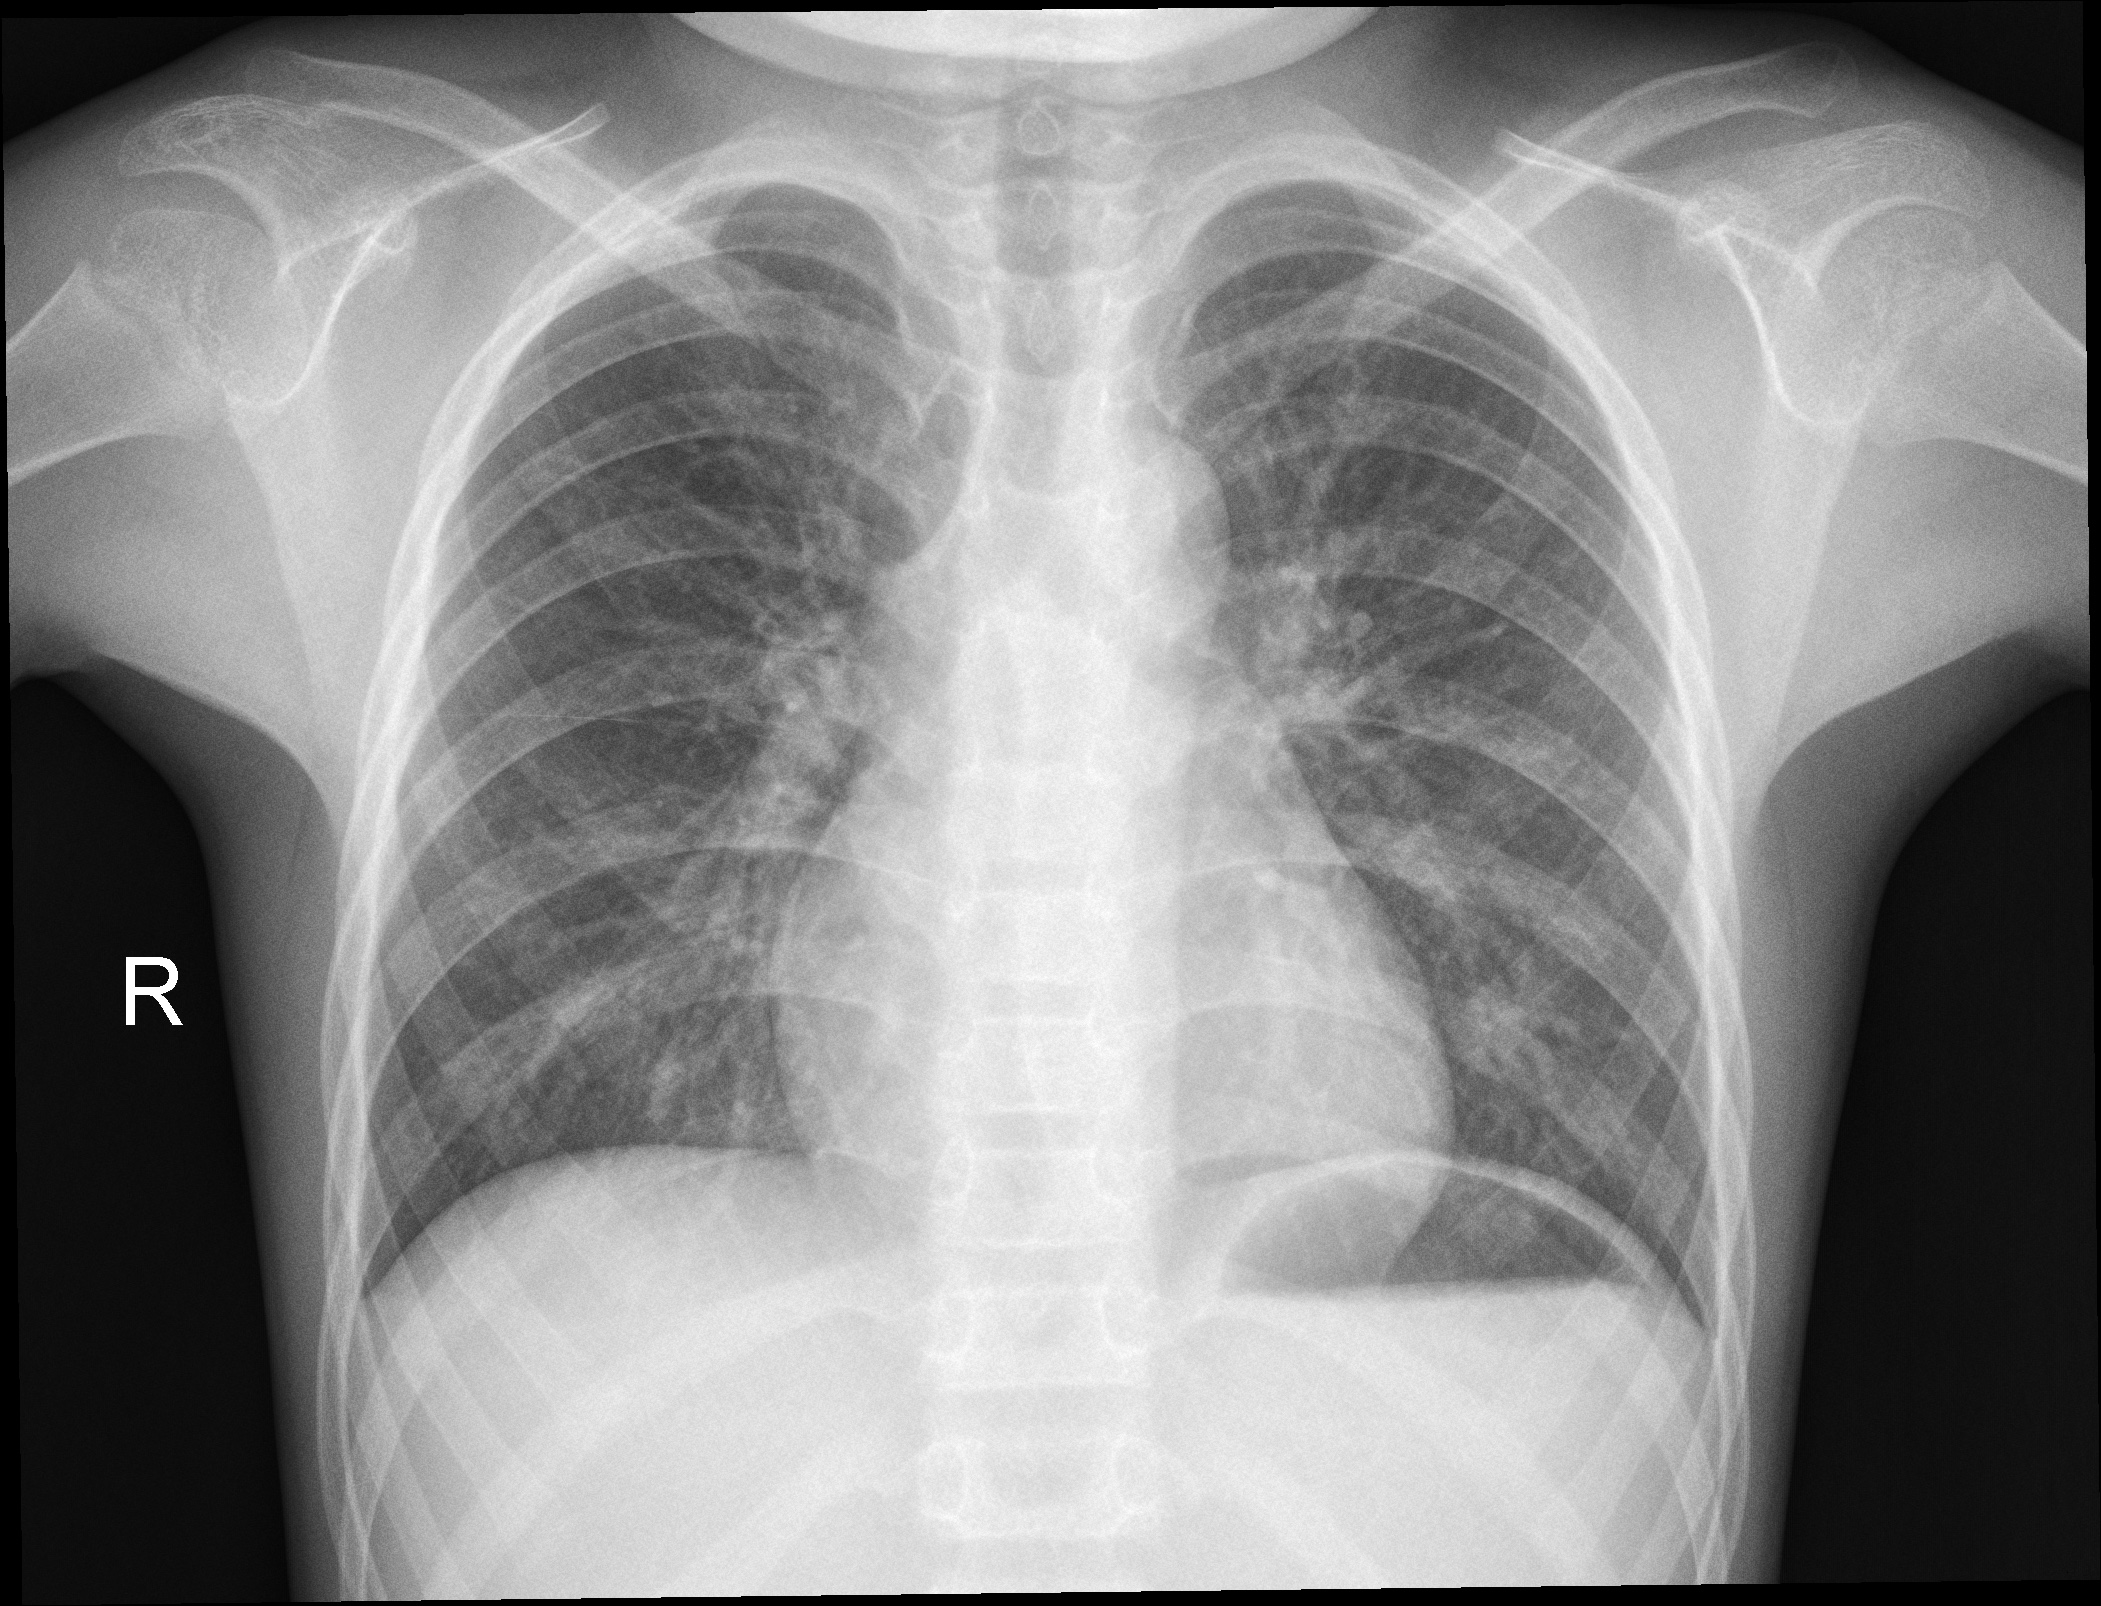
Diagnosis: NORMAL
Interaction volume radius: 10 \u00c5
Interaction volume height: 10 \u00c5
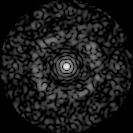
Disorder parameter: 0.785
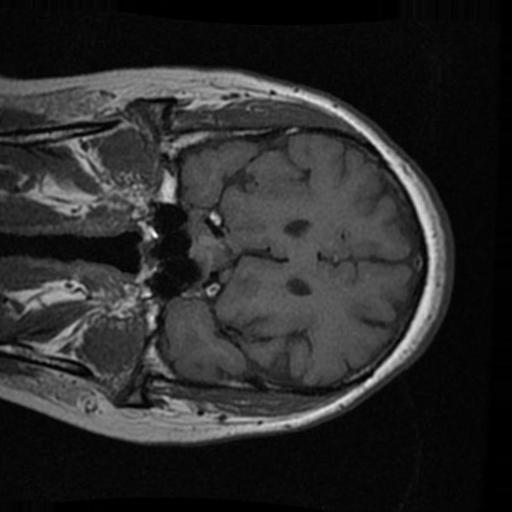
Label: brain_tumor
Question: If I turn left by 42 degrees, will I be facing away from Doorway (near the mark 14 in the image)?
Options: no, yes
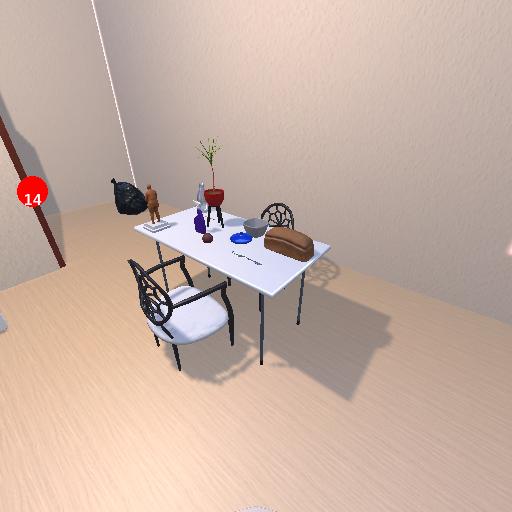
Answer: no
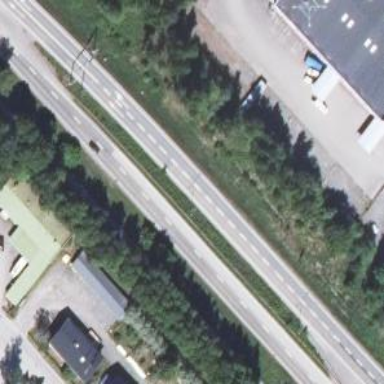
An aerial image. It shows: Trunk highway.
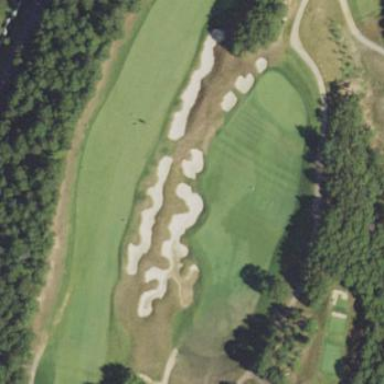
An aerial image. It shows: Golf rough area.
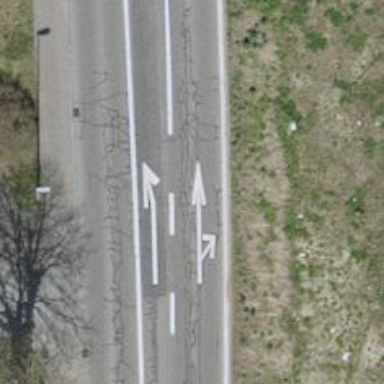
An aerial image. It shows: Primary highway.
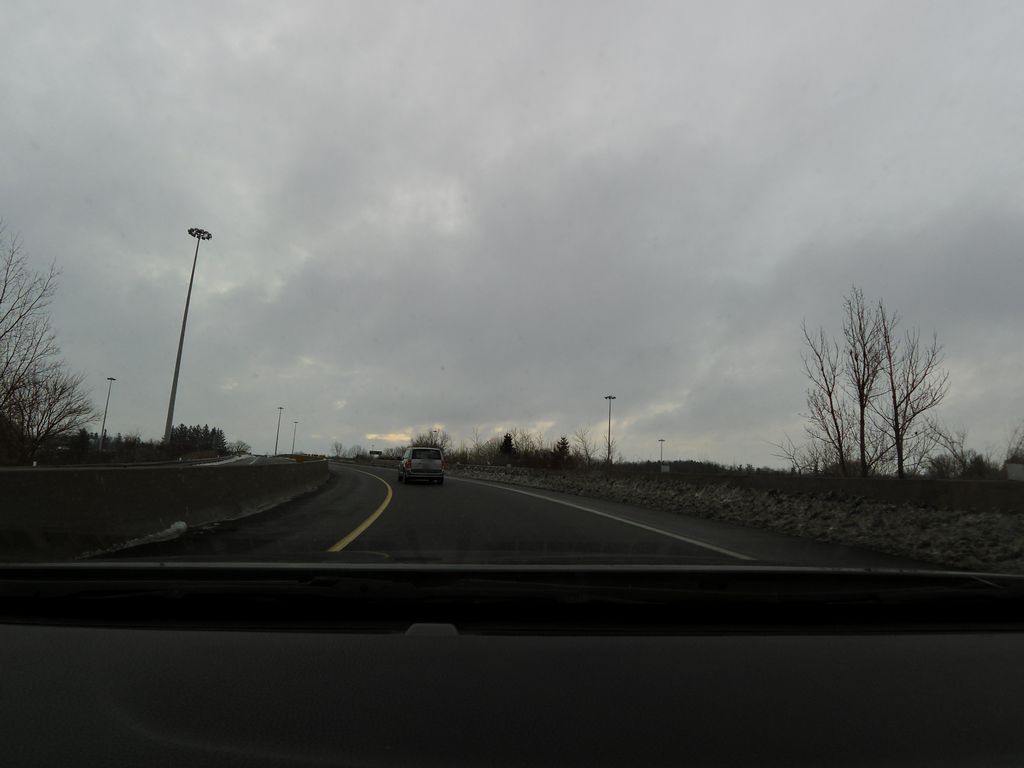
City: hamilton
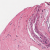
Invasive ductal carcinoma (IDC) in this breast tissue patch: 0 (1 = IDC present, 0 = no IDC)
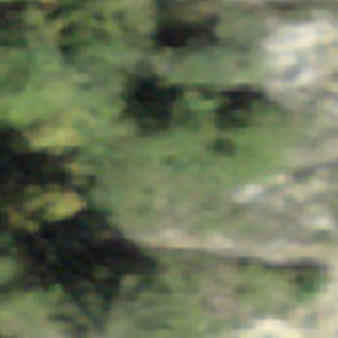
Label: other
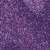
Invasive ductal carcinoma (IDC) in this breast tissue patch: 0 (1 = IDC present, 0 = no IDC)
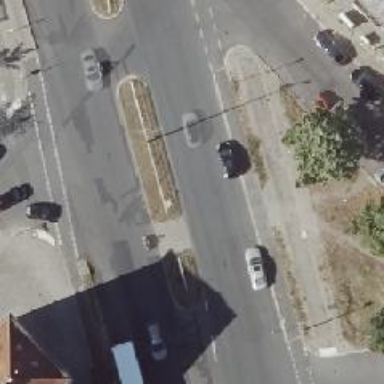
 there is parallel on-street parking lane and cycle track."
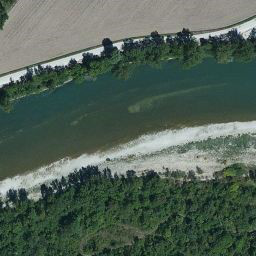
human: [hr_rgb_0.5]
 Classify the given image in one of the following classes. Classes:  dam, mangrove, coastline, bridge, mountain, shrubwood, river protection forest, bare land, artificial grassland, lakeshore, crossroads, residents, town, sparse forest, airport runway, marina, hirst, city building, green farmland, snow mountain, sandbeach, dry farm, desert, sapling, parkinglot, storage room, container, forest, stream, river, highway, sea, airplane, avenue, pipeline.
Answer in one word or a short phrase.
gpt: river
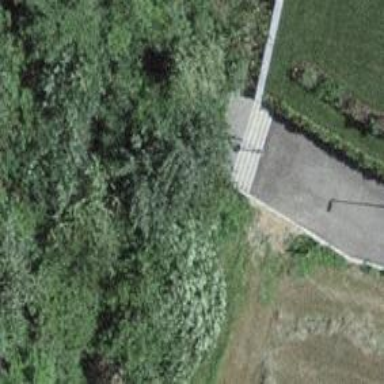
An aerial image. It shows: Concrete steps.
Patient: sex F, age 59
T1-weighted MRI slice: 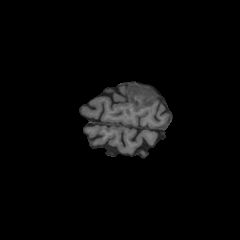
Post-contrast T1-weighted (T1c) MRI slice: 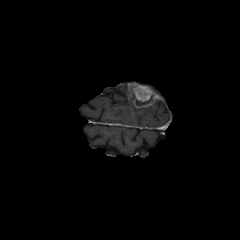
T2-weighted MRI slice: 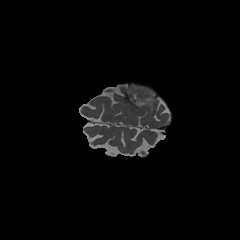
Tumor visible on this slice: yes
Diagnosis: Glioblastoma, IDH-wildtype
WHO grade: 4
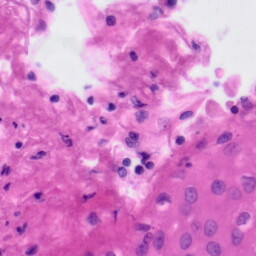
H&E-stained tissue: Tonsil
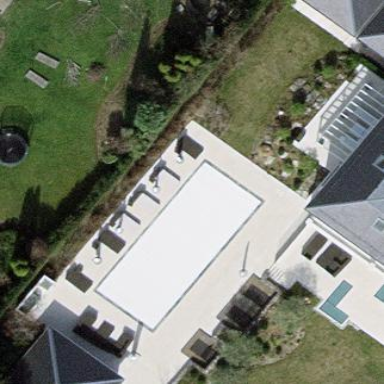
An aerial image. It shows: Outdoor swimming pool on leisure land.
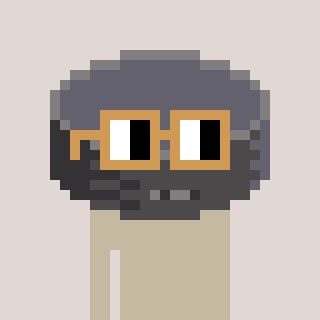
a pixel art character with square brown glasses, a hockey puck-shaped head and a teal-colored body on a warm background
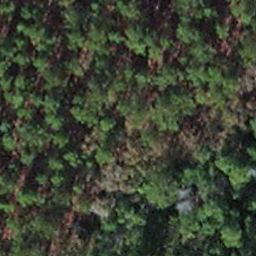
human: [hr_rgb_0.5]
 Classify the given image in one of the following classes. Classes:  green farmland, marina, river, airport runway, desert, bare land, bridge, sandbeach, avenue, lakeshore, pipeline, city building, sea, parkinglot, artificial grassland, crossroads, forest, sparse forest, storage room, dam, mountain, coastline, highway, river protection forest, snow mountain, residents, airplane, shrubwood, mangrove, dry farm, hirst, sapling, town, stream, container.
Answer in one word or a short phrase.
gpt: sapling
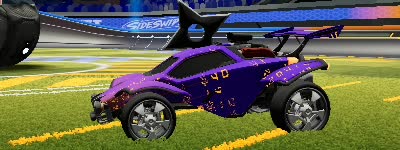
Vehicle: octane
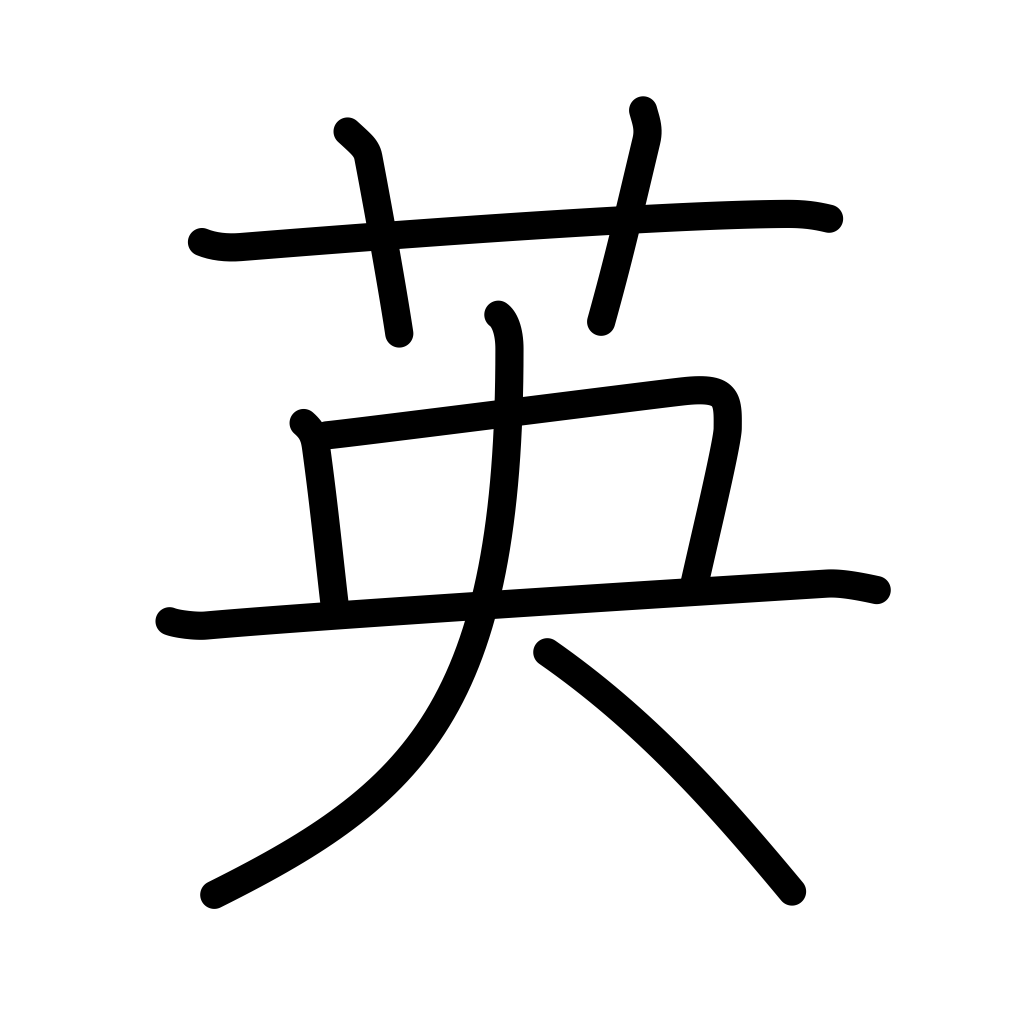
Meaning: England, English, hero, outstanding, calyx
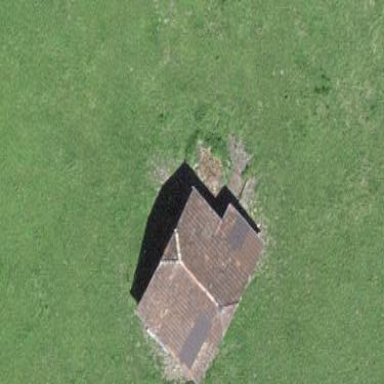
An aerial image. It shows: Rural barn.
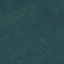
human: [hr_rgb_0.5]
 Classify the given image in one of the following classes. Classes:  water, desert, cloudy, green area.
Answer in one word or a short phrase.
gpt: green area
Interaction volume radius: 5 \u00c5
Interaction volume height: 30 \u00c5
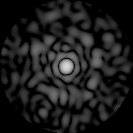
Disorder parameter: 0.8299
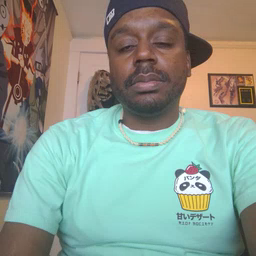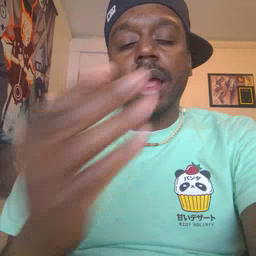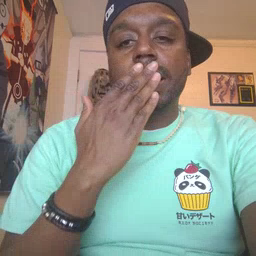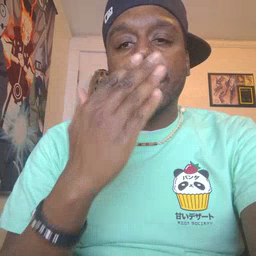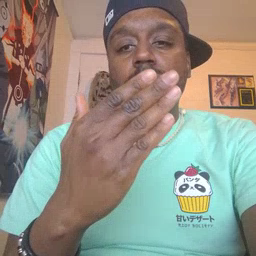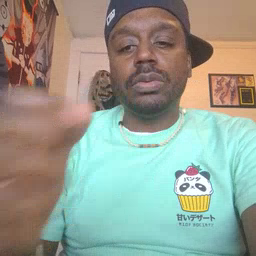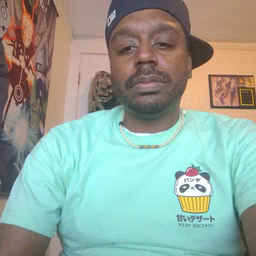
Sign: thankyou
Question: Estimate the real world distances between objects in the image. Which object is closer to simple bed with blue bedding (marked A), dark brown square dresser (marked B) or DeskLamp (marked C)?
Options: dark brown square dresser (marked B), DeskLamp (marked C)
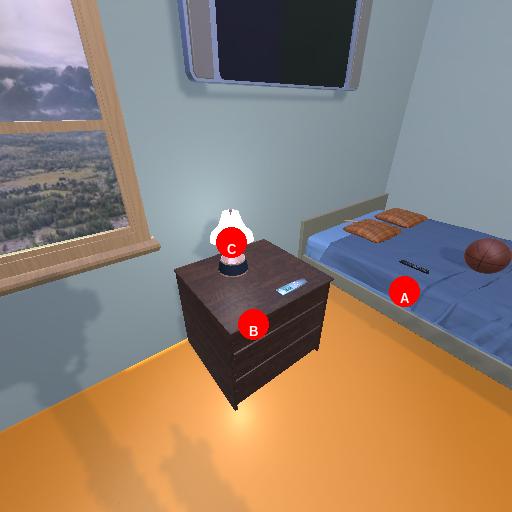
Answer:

= = = = =

* **TASK**
Lines that contain the string "dresser" should be copied from the material above.

* **RESPONSE FOR THIS EXERCISE**
Question: Estimate the real world distances between objects in the image. Which object is closer to simple bed with blue bedding (marked A), dark brown square dresser (marked B) or DeskLamp (marked C)?
Options: dark brown square dresser (marked B), DeskLamp (marked C)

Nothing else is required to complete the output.